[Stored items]
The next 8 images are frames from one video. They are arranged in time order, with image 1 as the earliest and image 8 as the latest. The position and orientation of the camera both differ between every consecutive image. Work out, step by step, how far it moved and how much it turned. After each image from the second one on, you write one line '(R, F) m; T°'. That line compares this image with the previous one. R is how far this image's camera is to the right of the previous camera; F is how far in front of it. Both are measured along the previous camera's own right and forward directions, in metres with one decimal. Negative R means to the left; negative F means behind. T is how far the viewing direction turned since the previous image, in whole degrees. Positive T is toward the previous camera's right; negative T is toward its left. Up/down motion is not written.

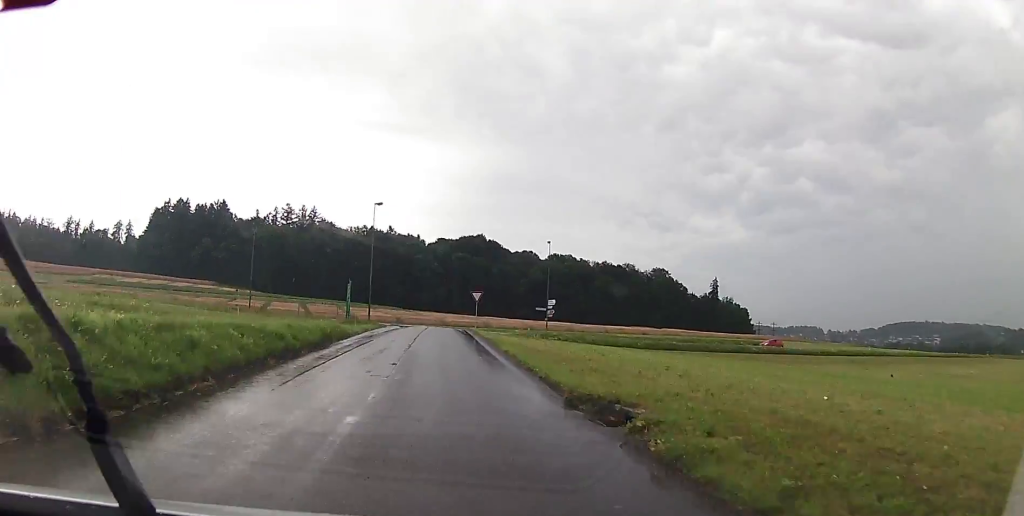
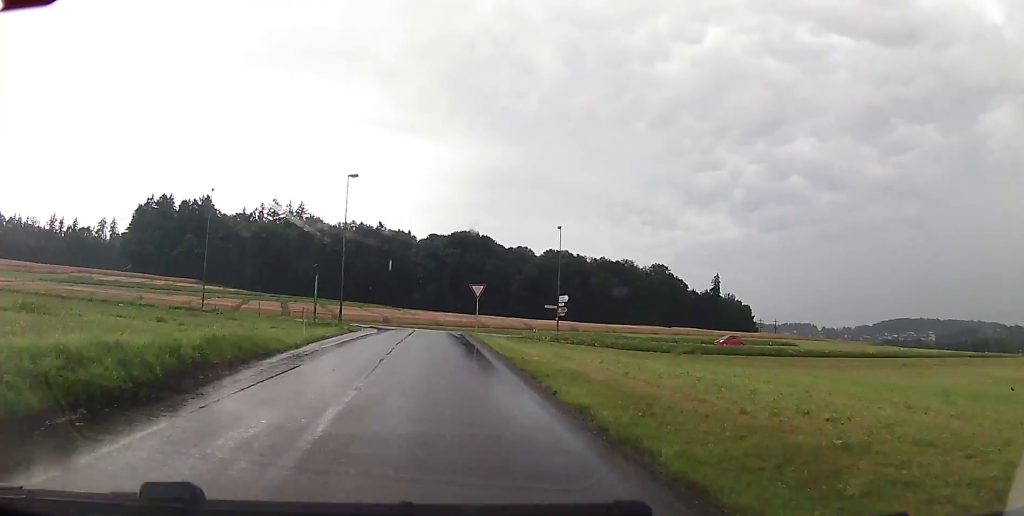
(0.0, +11.1) m; +1°
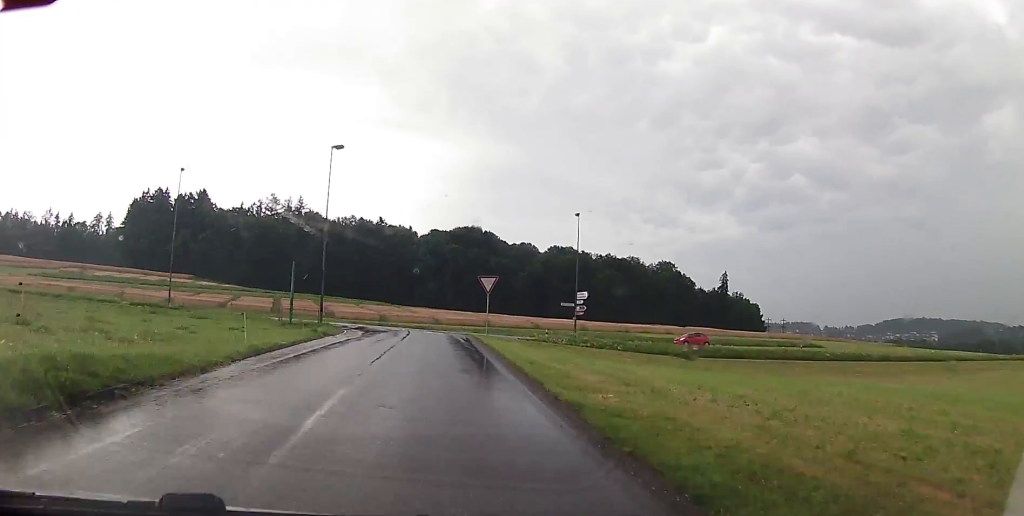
(0.0, +7.3) m; +1°
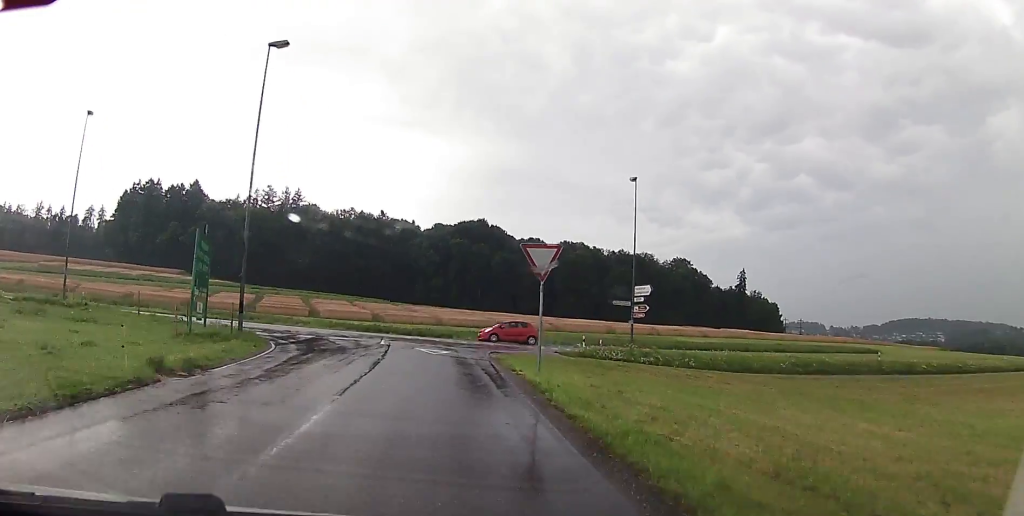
(+0.2, +15.0) m; -2°
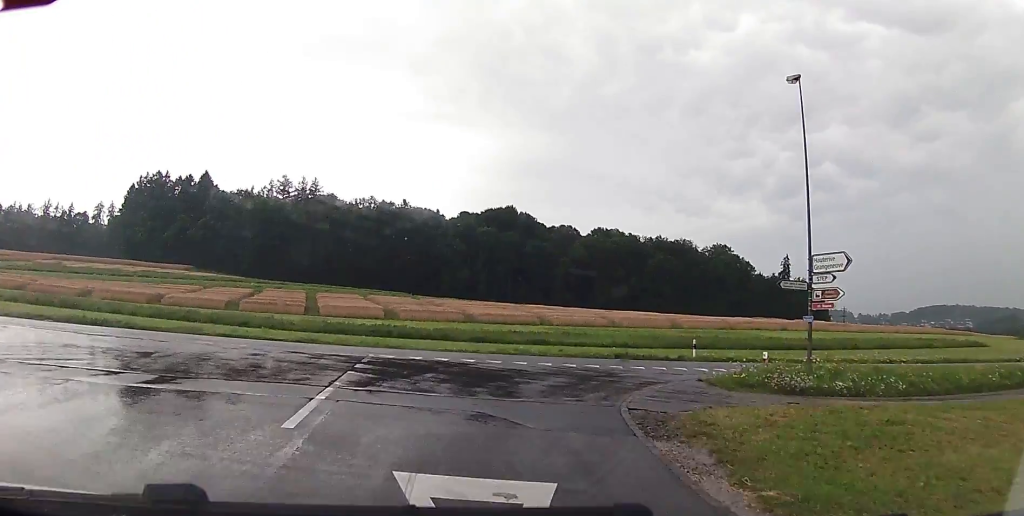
(-1.2, +16.5) m; -11°
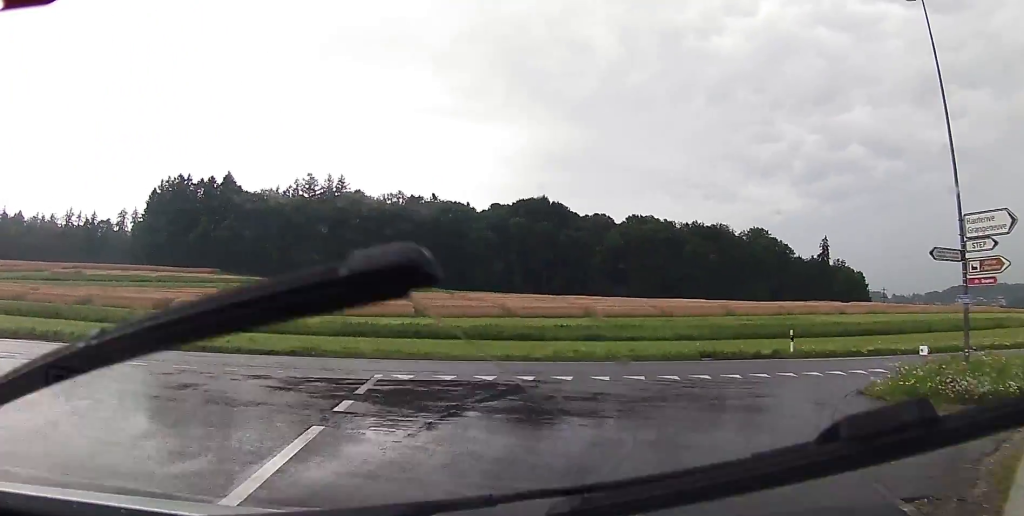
(+0.2, +5.8) m; -9°
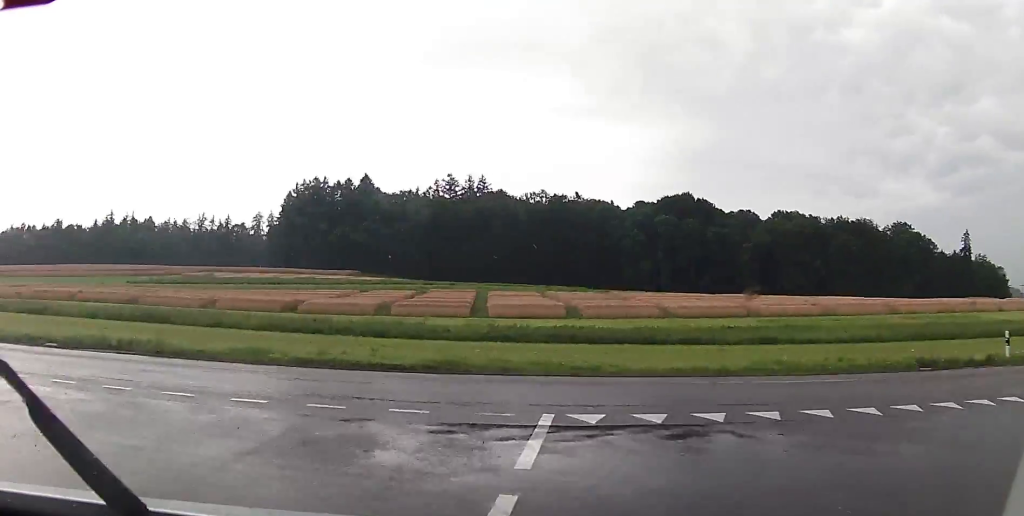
(-0.8, +3.9) m; -18°
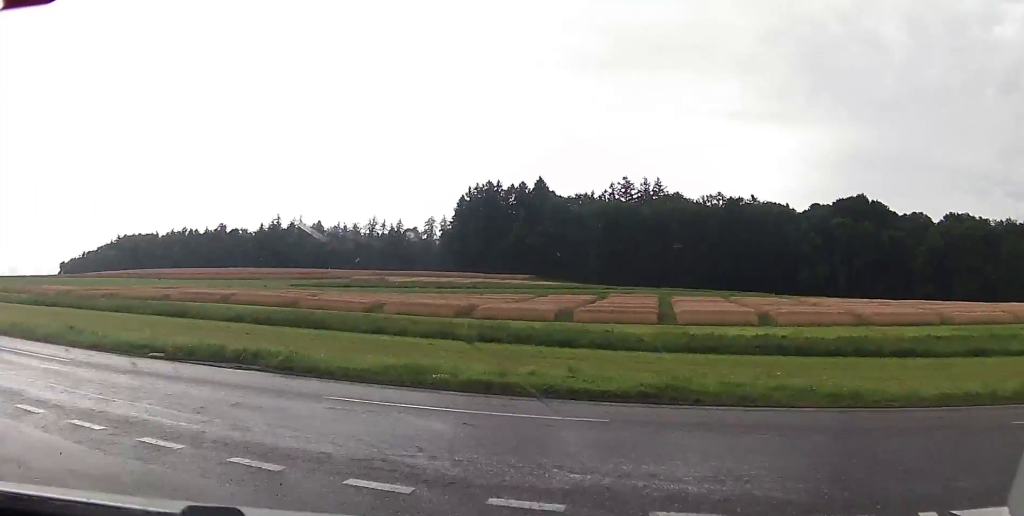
(+0.4, +3.7) m; -16°
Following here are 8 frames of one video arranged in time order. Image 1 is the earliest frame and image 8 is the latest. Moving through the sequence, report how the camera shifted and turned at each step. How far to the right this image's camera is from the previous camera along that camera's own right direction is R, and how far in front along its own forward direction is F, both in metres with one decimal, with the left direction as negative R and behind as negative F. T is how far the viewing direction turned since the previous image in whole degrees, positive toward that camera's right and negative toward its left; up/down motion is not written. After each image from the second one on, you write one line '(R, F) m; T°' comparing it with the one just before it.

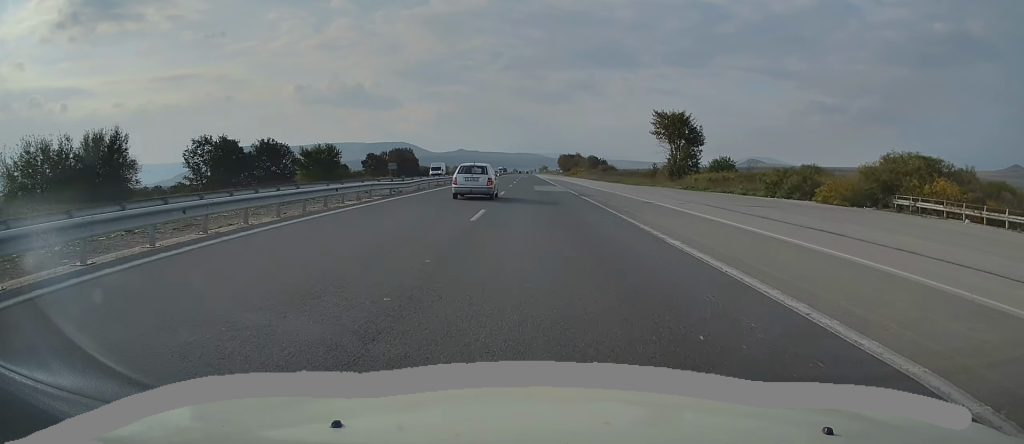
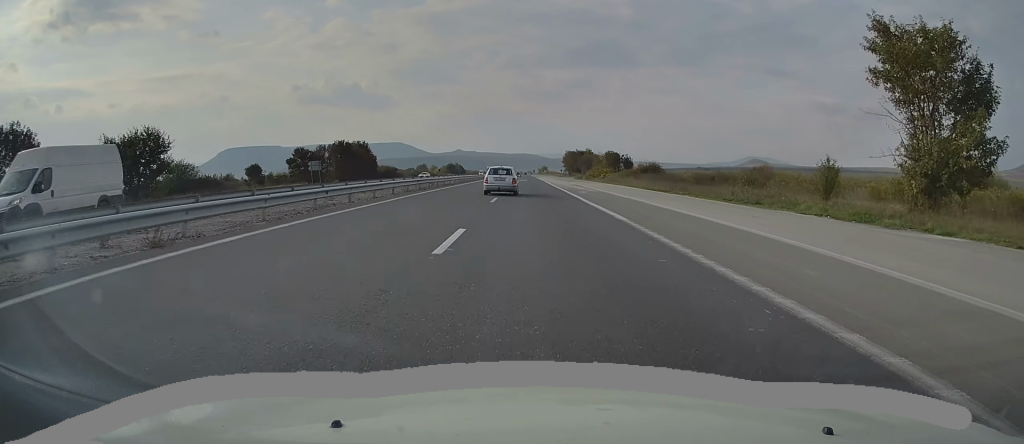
(-0.1, +54.5) m; 0°
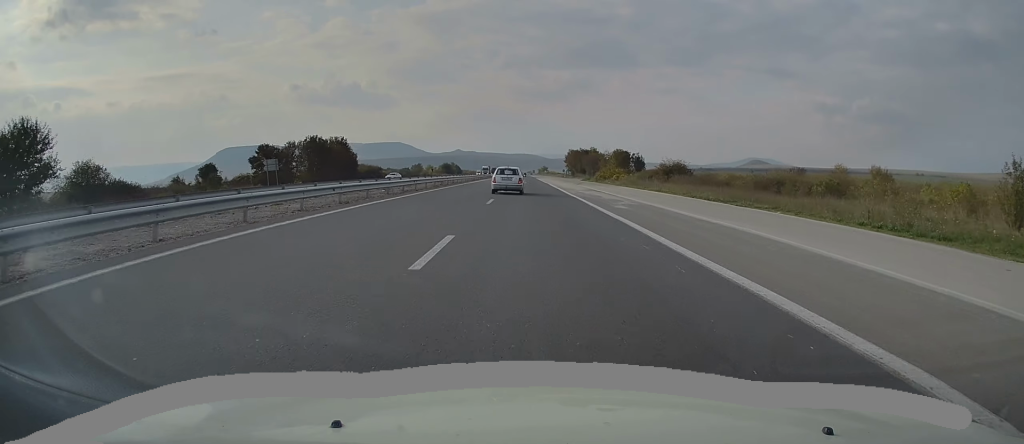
(+0.2, +16.9) m; 0°
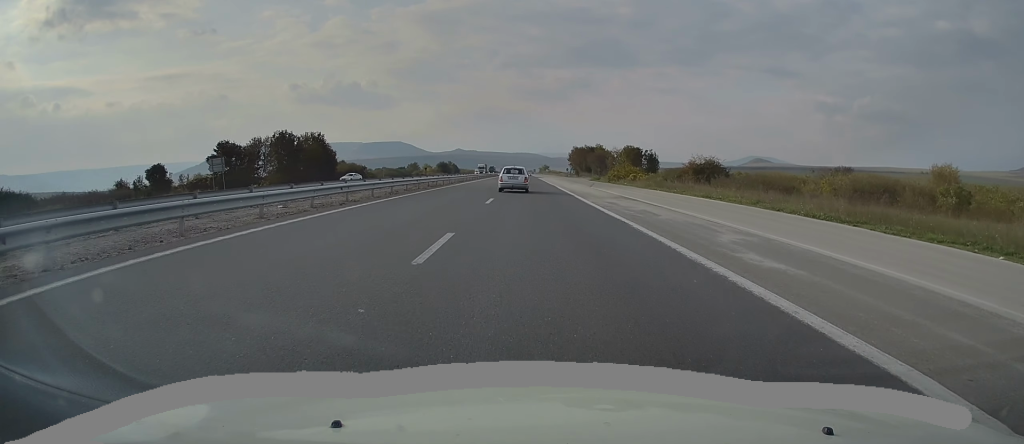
(0.0, +14.9) m; 0°
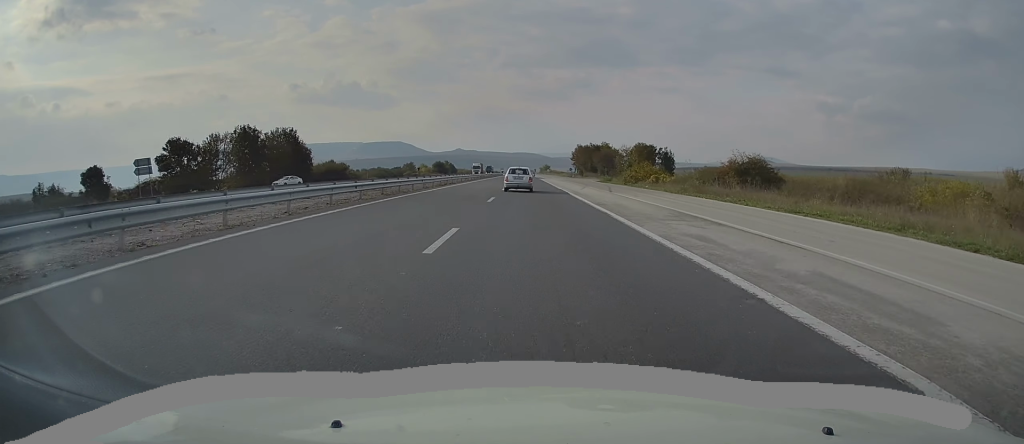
(-0.2, +13.9) m; 0°
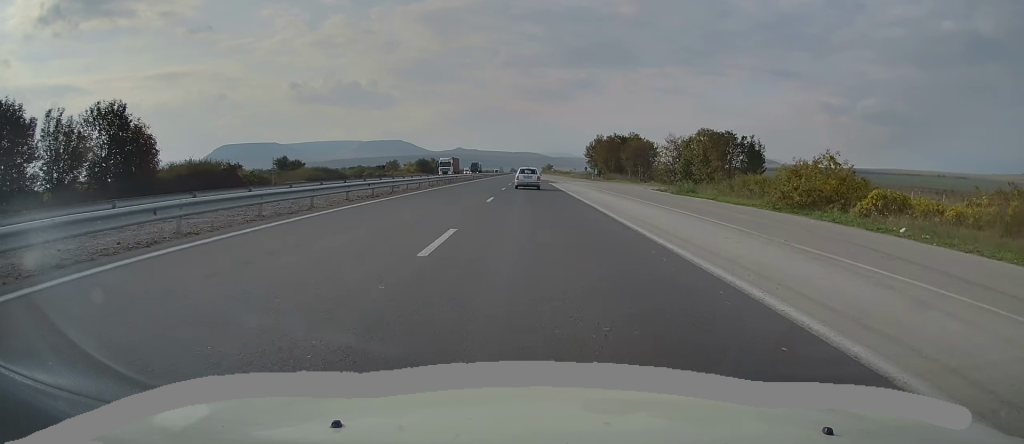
(+0.2, +46.0) m; 0°
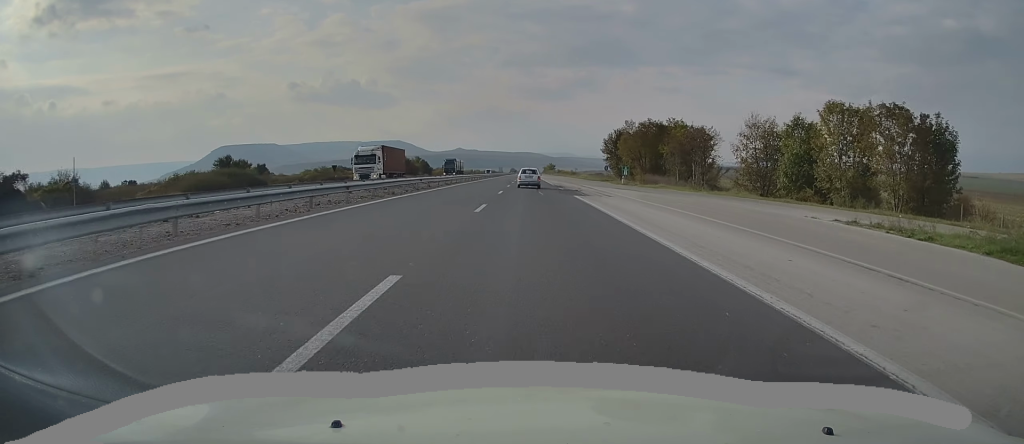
(-0.1, +36.1) m; 0°
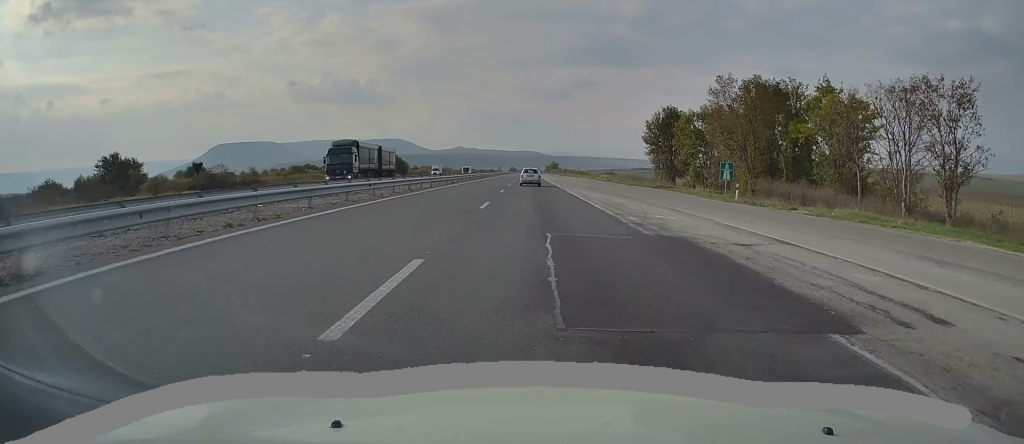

◆ **Work order**:
Strip the images and return the remaining data exactly.

◆ **The completed task**:
The next 8 images are frames from one video. They are arranged in time order, with image 1 as the earliest and image 8 as the latest. The position and orientation of the camera both differ between every consecutive image. Work out, step by step, how far it moved and how much it turned. After each image from the second one on, you write one line '(R, F) m; T°'. That line compares this image with the previous one. R is how far this image's camera is to the right of the previous camera; F is how far in front of it. Both are measured along the previous camera's own right and forward directions, in metres with one decimal. Negative R means to the left; negative F means behind. T is how far the viewing direction turned since the previous image, in whole degrees. Positive T is toward the previous camera's right; negative T is toward its left. Up/down motion is not written.

(0.0, +11.1) m; +1°
(0.0, +7.3) m; +1°
(+0.2, +15.0) m; -2°
(-1.2, +16.5) m; -11°
(+0.2, +5.8) m; -9°
(-0.8, +3.9) m; -18°
(+0.4, +3.7) m; -16°
Following here are 8 frames of one video arranged in time order. Image 1 is the earliest frame and image 8 is the latest. Moving through the sequence, report how the camera shifted and turned at each step. How far to the right this image's camera is from the previous camera along that camera's own right direction is R, and how far in front along its own forward direction is F, both in metres with one decimal, with the left direction as negative R and behind as negative F. T is how far the viewing direction turned since the previous image in whole degrees, positive toward that camera's right and negative toward its left; up/down motion is not written. After each image from the second one on, you write one line '(R, F) m; T°' comparing it with the one just before it.

(-0.1, +54.5) m; 0°
(+0.2, +16.9) m; 0°
(0.0, +14.9) m; 0°
(-0.2, +13.9) m; 0°
(+0.2, +46.0) m; 0°
(-0.1, +36.1) m; 0°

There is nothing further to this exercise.